**ABOUT THIS TASK:** Below are the records; pull every line that includes "spacing".
<<<<
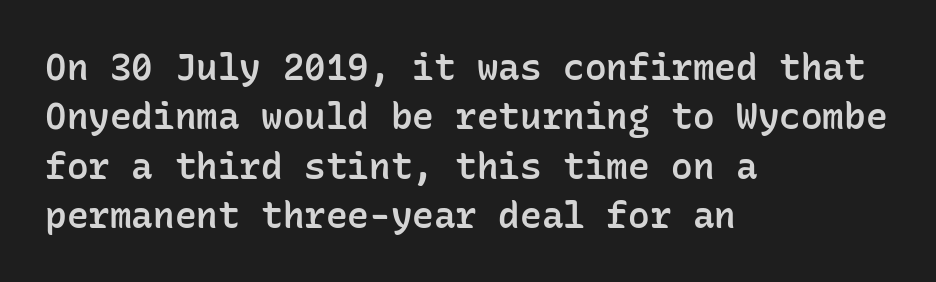
Q: Is the text bold? A: Semi-bold.
Q: Is the text italic (slanted)? A: No, it is upright.
Q: Is the typeface a serif or a sans-serif typeface? A: Sans-serif.
Q: Is the text underlined? A: No.
Q: How is the paragraph aligned? A: Left-aligned.
Q: Is the spacing between letters normal or unusually wide? A: Normal.
Q: Is the spacing between lines tight, normal or loose? A: Normal.
Q: Width (condensed, normal, or wide)? A: Normal.
Q: Stroke contrast? A: Low.
Q: x-height? A: Medium.
Q: Monospaced? A: Yes.
>>>>
**RESPONSE TO THIS EXERCISE:**
Q: Is the spacing between letters normal or unusually wide? A: Normal.
Q: Is the spacing between lines tight, normal or loose? A: Normal.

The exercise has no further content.